- Opening Delimiter -
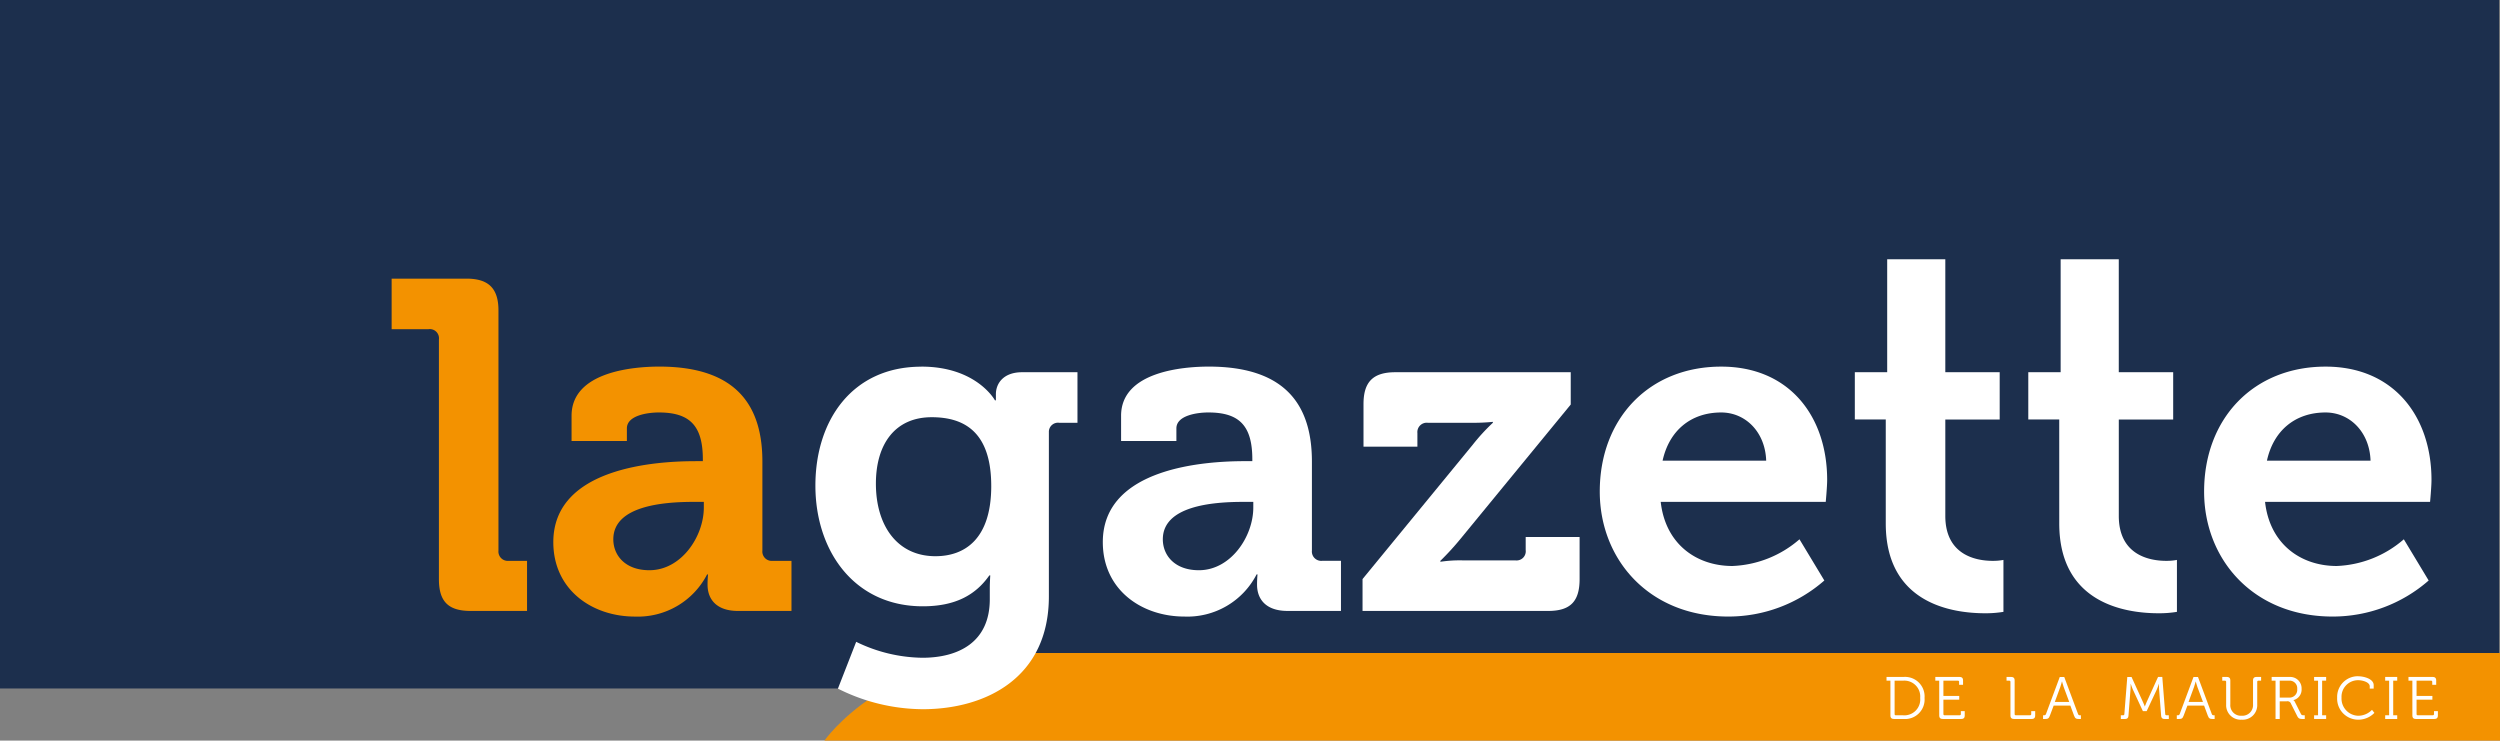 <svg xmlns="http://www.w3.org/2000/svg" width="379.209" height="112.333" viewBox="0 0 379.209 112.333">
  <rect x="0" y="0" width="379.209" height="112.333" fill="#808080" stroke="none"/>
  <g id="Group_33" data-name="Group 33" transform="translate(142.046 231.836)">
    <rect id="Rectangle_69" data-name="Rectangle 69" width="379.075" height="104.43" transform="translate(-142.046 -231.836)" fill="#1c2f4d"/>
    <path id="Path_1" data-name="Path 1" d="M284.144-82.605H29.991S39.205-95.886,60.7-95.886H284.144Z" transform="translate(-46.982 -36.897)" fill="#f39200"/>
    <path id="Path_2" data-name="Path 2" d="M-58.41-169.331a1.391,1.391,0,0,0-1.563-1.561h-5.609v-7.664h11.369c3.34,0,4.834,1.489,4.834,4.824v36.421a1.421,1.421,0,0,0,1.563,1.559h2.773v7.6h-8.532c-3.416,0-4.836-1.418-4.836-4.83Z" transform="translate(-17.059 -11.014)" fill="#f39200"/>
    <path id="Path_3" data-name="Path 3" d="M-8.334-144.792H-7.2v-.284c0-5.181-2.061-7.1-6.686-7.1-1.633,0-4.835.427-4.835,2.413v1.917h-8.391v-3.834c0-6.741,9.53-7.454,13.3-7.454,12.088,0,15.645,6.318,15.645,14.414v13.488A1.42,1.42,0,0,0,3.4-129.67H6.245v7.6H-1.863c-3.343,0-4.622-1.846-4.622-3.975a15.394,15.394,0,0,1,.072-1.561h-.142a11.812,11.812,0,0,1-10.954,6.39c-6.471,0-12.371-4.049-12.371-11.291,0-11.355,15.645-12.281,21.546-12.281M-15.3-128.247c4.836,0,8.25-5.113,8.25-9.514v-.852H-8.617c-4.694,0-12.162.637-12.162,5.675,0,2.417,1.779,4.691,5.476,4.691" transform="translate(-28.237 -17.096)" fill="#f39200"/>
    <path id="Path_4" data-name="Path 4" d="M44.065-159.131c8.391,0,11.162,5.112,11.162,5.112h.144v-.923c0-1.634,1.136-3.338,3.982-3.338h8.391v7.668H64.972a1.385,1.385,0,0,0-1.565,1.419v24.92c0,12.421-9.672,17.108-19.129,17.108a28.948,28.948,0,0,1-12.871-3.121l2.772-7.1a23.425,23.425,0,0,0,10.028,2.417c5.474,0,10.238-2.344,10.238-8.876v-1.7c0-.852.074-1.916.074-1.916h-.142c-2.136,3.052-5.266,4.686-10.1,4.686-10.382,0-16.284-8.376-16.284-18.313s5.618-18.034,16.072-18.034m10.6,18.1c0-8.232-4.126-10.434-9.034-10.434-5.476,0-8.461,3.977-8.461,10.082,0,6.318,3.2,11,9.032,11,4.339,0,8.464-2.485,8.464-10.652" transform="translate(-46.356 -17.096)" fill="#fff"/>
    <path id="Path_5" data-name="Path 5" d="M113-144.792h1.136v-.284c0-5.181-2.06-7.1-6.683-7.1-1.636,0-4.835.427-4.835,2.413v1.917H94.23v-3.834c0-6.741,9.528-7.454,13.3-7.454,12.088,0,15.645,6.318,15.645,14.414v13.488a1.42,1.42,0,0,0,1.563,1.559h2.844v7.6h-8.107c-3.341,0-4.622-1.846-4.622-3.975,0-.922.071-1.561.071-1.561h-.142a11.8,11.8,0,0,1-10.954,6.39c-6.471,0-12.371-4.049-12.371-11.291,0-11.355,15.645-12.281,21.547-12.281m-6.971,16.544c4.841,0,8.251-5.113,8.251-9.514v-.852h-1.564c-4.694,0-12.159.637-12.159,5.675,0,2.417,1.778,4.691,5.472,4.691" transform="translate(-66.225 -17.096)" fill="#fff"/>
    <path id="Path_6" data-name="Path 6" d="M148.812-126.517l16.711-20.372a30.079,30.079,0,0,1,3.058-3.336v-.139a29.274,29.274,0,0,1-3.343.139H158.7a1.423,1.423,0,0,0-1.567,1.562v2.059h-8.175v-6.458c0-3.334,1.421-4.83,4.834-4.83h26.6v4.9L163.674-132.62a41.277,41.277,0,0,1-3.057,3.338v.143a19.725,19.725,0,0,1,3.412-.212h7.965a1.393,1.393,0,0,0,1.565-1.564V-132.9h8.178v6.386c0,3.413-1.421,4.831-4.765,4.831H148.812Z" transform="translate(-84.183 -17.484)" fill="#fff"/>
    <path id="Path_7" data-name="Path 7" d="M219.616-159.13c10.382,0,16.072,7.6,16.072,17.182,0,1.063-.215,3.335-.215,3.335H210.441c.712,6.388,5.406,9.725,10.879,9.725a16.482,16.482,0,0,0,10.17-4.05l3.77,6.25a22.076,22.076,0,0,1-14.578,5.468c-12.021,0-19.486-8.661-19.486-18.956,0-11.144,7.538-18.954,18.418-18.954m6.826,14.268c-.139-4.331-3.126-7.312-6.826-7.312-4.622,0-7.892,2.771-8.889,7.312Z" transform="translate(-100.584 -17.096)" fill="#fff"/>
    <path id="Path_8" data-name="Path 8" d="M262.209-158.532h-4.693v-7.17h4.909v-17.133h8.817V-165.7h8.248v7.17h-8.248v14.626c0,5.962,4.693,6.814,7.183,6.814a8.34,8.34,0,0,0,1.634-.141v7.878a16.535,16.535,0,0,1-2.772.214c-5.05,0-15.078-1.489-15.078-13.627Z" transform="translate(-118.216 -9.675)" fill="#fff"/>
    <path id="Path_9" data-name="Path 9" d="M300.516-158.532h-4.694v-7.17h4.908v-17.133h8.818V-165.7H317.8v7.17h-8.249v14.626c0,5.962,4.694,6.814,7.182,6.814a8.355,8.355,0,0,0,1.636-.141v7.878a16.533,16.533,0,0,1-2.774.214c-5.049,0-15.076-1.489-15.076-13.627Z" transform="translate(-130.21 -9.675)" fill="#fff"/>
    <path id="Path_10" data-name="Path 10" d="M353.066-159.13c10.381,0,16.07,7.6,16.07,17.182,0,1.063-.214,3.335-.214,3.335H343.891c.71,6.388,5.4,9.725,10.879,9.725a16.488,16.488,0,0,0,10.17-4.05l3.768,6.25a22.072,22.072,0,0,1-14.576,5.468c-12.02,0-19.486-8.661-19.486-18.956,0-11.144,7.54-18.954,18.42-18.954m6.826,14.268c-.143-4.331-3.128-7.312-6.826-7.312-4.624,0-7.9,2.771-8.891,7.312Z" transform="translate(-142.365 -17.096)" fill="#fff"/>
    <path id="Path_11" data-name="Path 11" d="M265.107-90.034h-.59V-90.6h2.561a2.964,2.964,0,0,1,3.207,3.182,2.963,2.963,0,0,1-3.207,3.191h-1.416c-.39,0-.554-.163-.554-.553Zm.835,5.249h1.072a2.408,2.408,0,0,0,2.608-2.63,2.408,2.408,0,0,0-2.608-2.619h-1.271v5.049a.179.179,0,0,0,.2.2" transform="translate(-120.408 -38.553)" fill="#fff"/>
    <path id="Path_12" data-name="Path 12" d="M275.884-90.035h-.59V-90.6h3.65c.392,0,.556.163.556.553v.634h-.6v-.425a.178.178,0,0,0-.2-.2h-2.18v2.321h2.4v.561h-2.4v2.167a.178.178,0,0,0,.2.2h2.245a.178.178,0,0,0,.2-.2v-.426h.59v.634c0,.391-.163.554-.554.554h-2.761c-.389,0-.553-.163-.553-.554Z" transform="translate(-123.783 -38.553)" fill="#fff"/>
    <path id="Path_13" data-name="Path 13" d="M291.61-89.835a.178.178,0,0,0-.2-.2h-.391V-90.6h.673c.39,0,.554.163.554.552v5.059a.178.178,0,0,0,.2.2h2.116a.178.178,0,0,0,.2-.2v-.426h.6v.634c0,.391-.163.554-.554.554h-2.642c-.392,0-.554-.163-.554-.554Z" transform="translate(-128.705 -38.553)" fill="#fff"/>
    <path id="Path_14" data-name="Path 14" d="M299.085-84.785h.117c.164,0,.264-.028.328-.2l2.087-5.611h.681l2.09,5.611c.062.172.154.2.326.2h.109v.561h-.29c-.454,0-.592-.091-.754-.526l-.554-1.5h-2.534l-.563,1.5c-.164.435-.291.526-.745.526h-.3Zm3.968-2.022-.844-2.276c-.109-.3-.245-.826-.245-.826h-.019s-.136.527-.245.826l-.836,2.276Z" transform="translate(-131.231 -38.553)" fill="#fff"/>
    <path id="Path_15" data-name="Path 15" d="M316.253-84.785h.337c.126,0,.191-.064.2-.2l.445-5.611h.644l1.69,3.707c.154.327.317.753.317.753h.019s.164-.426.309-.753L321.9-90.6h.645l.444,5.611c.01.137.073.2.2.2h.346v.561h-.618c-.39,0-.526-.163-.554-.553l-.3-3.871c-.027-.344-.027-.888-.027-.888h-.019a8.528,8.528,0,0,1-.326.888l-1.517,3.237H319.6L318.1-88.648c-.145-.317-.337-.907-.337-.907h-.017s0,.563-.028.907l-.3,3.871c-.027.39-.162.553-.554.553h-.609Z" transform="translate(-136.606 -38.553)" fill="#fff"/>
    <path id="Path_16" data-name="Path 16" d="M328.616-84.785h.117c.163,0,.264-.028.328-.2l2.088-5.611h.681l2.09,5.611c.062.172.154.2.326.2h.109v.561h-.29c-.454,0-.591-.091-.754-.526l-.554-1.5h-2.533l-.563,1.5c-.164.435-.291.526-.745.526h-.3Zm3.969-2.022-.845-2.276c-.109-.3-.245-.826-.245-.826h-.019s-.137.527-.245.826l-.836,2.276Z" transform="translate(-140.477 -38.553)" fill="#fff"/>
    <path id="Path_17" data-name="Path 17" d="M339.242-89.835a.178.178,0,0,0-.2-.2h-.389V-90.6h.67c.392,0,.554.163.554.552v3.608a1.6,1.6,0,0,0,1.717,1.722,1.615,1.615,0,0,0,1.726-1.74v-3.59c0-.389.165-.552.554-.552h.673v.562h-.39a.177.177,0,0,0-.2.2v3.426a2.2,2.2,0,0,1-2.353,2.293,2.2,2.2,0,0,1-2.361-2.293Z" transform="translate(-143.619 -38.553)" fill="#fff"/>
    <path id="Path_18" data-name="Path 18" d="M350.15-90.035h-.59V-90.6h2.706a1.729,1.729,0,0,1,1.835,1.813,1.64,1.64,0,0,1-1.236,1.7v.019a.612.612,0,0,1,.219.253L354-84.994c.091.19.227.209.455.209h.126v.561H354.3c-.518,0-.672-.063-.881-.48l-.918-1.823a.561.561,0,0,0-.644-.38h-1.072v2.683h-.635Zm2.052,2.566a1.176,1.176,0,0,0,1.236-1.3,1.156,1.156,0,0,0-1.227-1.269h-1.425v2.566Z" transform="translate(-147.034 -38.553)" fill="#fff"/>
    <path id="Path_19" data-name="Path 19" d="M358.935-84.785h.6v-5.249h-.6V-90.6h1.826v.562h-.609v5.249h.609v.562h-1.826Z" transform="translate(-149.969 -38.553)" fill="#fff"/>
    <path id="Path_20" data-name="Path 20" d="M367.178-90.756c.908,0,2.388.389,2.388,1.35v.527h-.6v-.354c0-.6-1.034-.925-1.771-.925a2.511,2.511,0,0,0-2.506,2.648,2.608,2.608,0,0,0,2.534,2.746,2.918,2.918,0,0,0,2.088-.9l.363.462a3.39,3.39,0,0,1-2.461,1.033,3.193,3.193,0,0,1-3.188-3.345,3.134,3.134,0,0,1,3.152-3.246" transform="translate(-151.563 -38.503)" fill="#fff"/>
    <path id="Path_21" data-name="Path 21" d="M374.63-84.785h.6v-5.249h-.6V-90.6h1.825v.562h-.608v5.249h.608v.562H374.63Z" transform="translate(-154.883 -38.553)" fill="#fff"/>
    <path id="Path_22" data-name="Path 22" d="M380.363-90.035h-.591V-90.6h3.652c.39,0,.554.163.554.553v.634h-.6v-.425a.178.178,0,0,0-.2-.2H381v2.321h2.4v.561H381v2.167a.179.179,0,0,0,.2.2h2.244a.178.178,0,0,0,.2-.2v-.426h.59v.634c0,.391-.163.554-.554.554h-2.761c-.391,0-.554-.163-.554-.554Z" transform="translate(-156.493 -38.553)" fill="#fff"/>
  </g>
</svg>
- Closing Delimiter -
**Assignment:** Return solely the number of lines in the data that include the word "rect".

**Solution below:** 2